◆ Problem:
Please reproduce, exactly and with nothing else, every line from the one containing "Products named in the file (1): TB16GA82030" through the last line of the records below.

[Records from a dataset]
—————

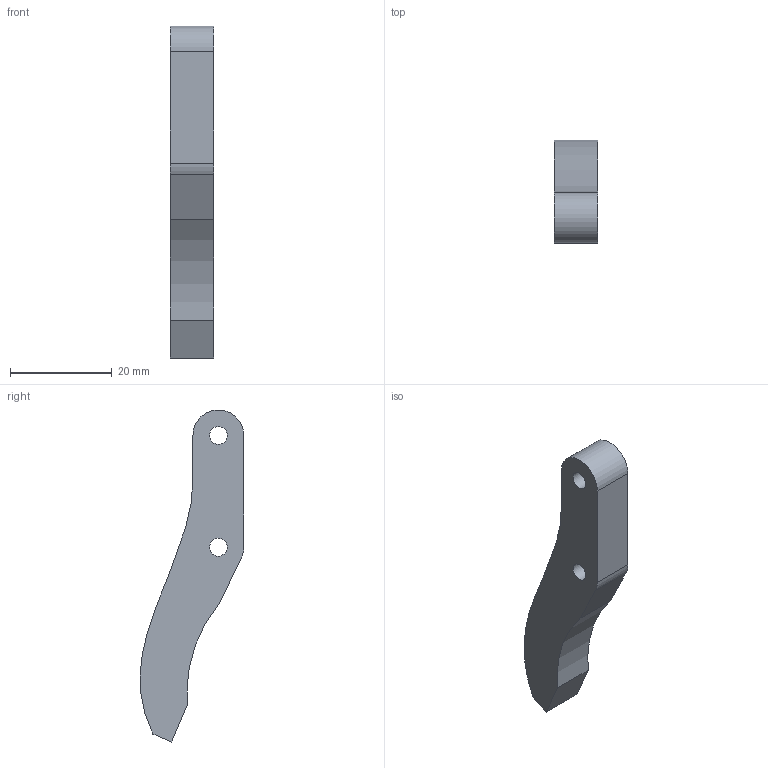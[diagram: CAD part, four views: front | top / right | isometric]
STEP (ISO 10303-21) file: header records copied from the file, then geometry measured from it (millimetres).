
FILE_DESCRIPTION(/* description */ ('STEP AP214'),/* implementation_level */ '2;1');
FILE_NAME(/* name */ '6772cf8c29831b771dc83546',/* time_stamp */ '2024-12-30T16:51:25Z',/* author */ (''),/* organization */ (''),/* preprocessor_version */ 'ST-DEVELOPER v20',/* originating_system */ 'ONSHAPE BY PTC INC, 1.191',/* authorisation */ ' ');
FILE_SCHEMA (('AUTOMOTIVE_DESIGN {1 0 10303 214 3 1 1}'));
Length unit declared in the file: metre
Products named in the file (1): Gripper
Bounding box: 8.5 x 20.37 x 65.31 mm (x, y, z)
Volume: 5397.4 mm3; surface area: 2680.7 mm2
Topology: 1 solids, 1 shells, 13 faces, 33 edges, 22 vertices
Faces by surface type: plane 7, cylinder 4, bspline 2
Full cylindrical faces by diameter (mm): 3.5 x2
Entity records: 433 total; most frequent: CARTESIAN_POINT 91, ORIENTED_EDGE 62, DIRECTION 59, EDGE_CURVE 31, VERTEX_POINT 22, AXIS2_PLACEMENT_3D 20, LINE 19, VECTOR 19
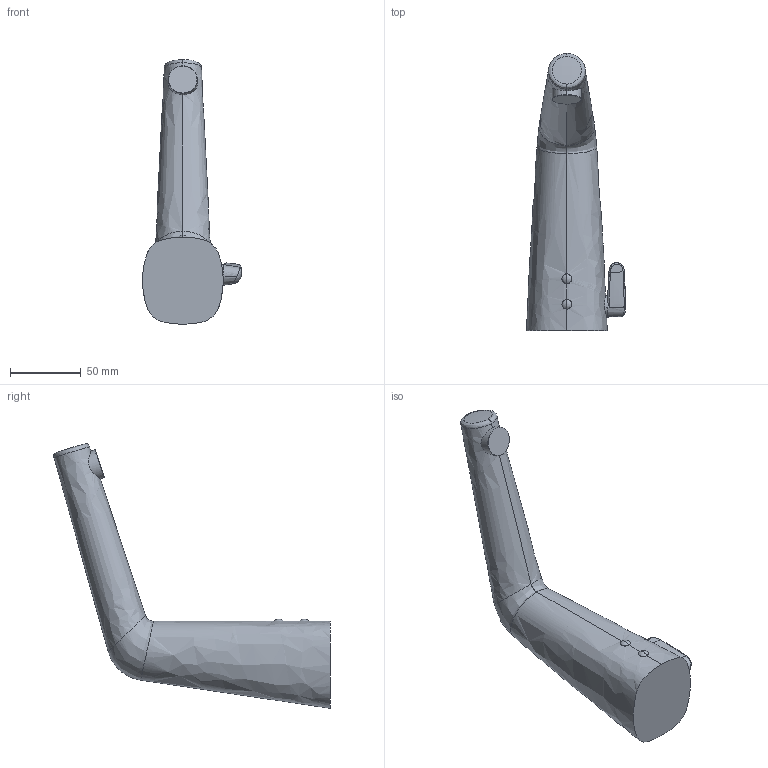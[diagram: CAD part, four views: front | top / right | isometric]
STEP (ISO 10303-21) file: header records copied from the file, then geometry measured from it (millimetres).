
FILE_DESCRIPTION (( 'STEP AP203' ), '1' );
FILE_NAME ('3016F(2017)+3016FT(2017)+51792201+51792221.STEP', '2017-06-16T09:10:49', ( '' ), ( '' ), 'SwSTEP 2.0', 'SolidWorks 2016', '' );
FILE_SCHEMA (( 'CONFIG_CONTROL_DESIGN' ));
Length unit declared in the file: millimetre
Products named in the file (1): 3016F(2017)+3016FT(2017)+51792201+51792221
Bounding box: 69.97 x 195.6 x 187.05 mm (x, y, z)
Volume: 419243.2 mm3; surface area: 42500.9 mm2
Topology: 1 solids, 1 shells, 43 faces, 119 edges, 77 vertices
Faces by surface type: bspline 27, sphere 4, cone 4, cylinder 4, torus 2, plane 2
Entity records: 9235 total; most frequent: CARTESIAN_POINT 8305, ORIENTED_EDGE 234, EDGE_CURVE 117, DIRECTION 85, B_SPLINE_CURVE_WITH_KNOTS 83, VERTEX_POINT 77, EDGE_LOOP 44, ADVANCED_FACE 43
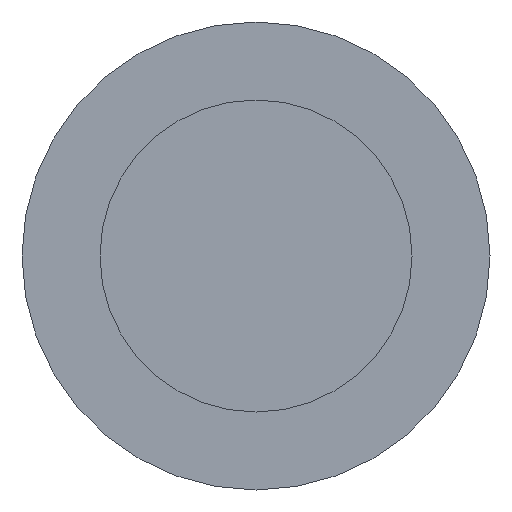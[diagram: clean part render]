
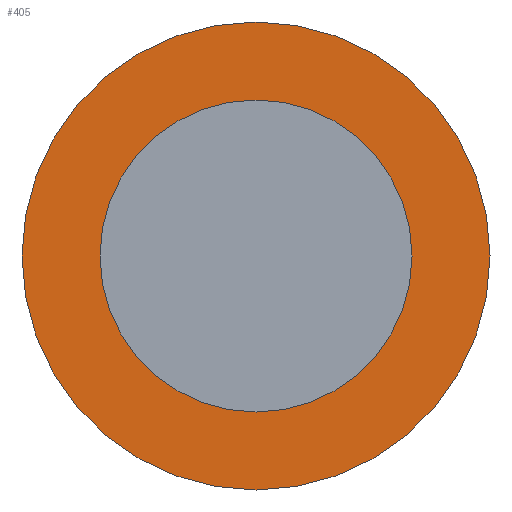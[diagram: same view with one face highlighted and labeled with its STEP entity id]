
A CAD part, front view. The second image highlights one B-rep face of the part: STEP entity #405.
In plain terms, the highlighted planar face has unit normal (0, -1, 0).
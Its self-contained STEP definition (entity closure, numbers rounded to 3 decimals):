
#1 = CARTESIAN_POINT ( 'NONE',  ( 0., 0., -7.5 ) ) ;
#3 = VERTEX_POINT ( 'NONE', #190 ) ;
#6 = VERTEX_POINT ( 'NONE', #229 ) ;
#10 = CIRCLE ( 'NONE', #329, 7.5 ) ;
#21 = EDGE_LOOP ( 'NONE', ( #134, #479 ) ) ;
#26 = CARTESIAN_POINT ( 'NONE',  ( 0., 0., 0. ) ) ;
#47 = CARTESIAN_POINT ( 'NONE',  ( 0., 0., 0. ) ) ;
#52 = DIRECTION ( 'NONE',  ( 0., 0., 1. ) ) ;
#56 = FACE_BOUND ( 'NONE', #21, .T. ) ;
#63 = CIRCLE ( 'NONE', #270, 7.5 ) ;
#79 = ORIENTED_EDGE ( 'NONE', *, *, #447, .F. ) ;
#127 = EDGE_LOOP ( 'NONE', ( #246, #79 ) ) ;
#134 = ORIENTED_EDGE ( 'NONE', *, *, #155, .T. ) ;
#155 = EDGE_CURVE ( 'NONE', #3, #6, #316, .T. ) ;
#159 = VERTEX_POINT ( 'NONE', #1 ) ;
#165 = DIRECTION ( 'NONE',  ( 0., 0., 1. ) ) ;
#181 = FACE_OUTER_BOUND ( 'NONE', #127, .T. ) ;
#182 = EDGE_CURVE ( 'NONE', #6, #3, #252, .T. ) ;
#190 = CARTESIAN_POINT ( 'NONE',  ( 0., 0., -5. ) ) ;
#229 = CARTESIAN_POINT ( 'NONE',  ( 0., 0., 5. ) ) ;
#246 = ORIENTED_EDGE ( 'NONE', *, *, #392, .F. ) ;
#247 = DIRECTION ( 'NONE',  ( 0., 0., 1. ) ) ;
#249 = CARTESIAN_POINT ( 'NONE',  ( 0., 0., 0. ) ) ;
#252 = CIRCLE ( 'NONE', #380, 5. ) ;
#256 = DIRECTION ( 'NONE',  ( 0., 1., 0. ) ) ;
#266 = CARTESIAN_POINT ( 'NONE',  ( 0., 0., 7.5 ) ) ;
#270 = AXIS2_PLACEMENT_3D ( 'NONE', #26, #521, #452 ) ;
#316 = CIRCLE ( 'NONE', #525, 5. ) ;
#329 = AXIS2_PLACEMENT_3D ( 'NONE', #512, #350, #343 ) ;
#343 = DIRECTION ( 'NONE',  ( 0., 0., 1. ) ) ;
#349 = VERTEX_POINT ( 'NONE', #266 ) ;
#350 = DIRECTION ( 'NONE',  ( 0., 1., 0. ) ) ;
#380 = AXIS2_PLACEMENT_3D ( 'NONE', #249, #504, #165 ) ;
#385 = CARTESIAN_POINT ( 'NONE',  ( 0., 0., 0. ) ) ;
#392 = EDGE_CURVE ( 'NONE', #159, #349, #10, .T. ) ;
#405 = ADVANCED_FACE ( 'NONE', ( #181, #56 ), #433, .F. ) ;
#421 = DIRECTION ( 'NONE',  ( 0., 1., 0. ) ) ;
#433 = PLANE ( 'NONE',  #465 ) ;
#447 = EDGE_CURVE ( 'NONE', #349, #159, #63, .T. ) ;
#452 = DIRECTION ( 'NONE',  ( 0., 0., 1. ) ) ;
#465 = AXIS2_PLACEMENT_3D ( 'NONE', #385, #256, #52 ) ;
#479 = ORIENTED_EDGE ( 'NONE', *, *, #182, .T. ) ;
#504 = DIRECTION ( 'NONE',  ( 0., 1., 0. ) ) ;
#512 = CARTESIAN_POINT ( 'NONE',  ( 0., 0., 0. ) ) ;
#521 = DIRECTION ( 'NONE',  ( 0., 1., 0. ) ) ;
#525 = AXIS2_PLACEMENT_3D ( 'NONE', #47, #421, #247 ) ;
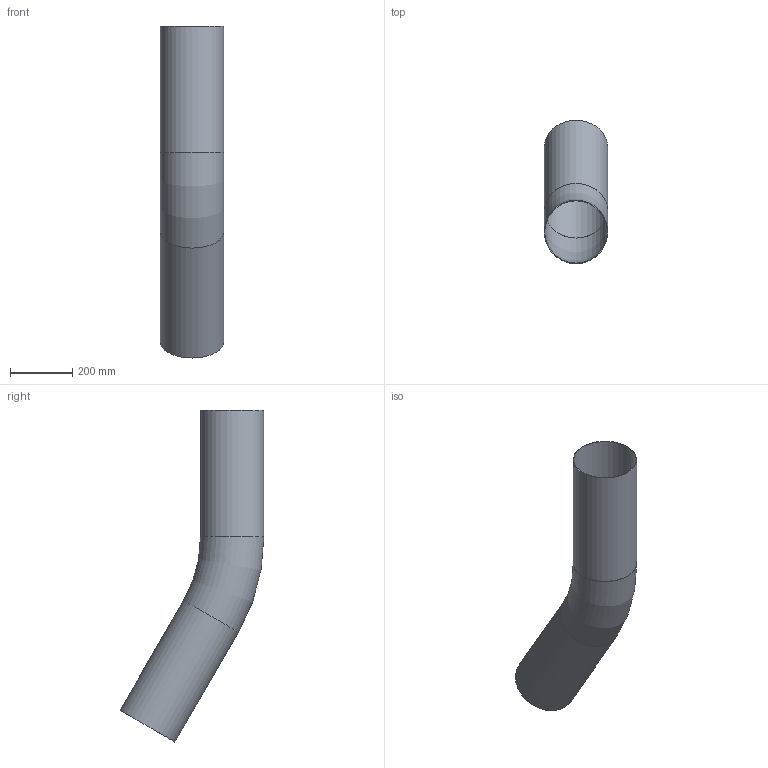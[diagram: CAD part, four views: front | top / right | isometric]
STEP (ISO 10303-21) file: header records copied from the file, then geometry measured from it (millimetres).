
FILE_DESCRIPTION(/* description */ (''),/* implementation_level */ '2;1');
FILE_NAME(/* name */ 'TB16GA82030.stp',/* time_stamp */ '2023-11-22T11:06:12-05:00',/* author */ ('Admin'),/* organization */ (''),/* preprocessor_version */ 'ST-DEVELOPER v19',/* originating_system */ 'Autodesk Inventor 2023',/* authorisation */ '');
FILE_SCHEMA (('AUTOMOTIVE_DESIGN { 1 0 10303 214 3 1 1 }'));
Length unit declared in the file: inch
Products named in the file (1): TB16GA82030
Bounding box: 203.2 x 460.85 x 1063.15 mm (x, y, z)
Volume: 1093327.9 mm3; surface area: 1368516 mm2
Topology: 1 solids, 1 shells, 8 faces, 18 edges, 12 vertices
Faces by surface type: cylinder 4, torus 2, plane 2
Full cylindrical faces by diameter (mm): 200 x2, 203.2 x2
Entity records: 283 total; most frequent: DIRECTION 50, CARTESIAN_POINT 39, ORIENTED_EDGE 36, AXIS2_PLACEMENT_3D 23, EDGE_CURVE 18, CIRCLE 14, VERTEX_POINT 12, EDGE_LOOP 10

—————

◆ Reply:
Products named in the file (1): TB16GA82030
Bounding box: 203.2 x 460.85 x 1063.15 mm (x, y, z)
Volume: 1093327.9 mm3; surface area: 1368516 mm2
Topology: 1 solids, 1 shells, 8 faces, 18 edges, 12 vertices
Faces by surface type: cylinder 4, torus 2, plane 2
Full cylindrical faces by diameter (mm): 200 x2, 203.2 x2
Entity records: 283 total; most frequent: DIRECTION 50, CARTESIAN_POINT 39, ORIENTED_EDGE 36, AXIS2_PLACEMENT_3D 23, EDGE_CURVE 18, CIRCLE 14, VERTEX_POINT 12, EDGE_LOOP 10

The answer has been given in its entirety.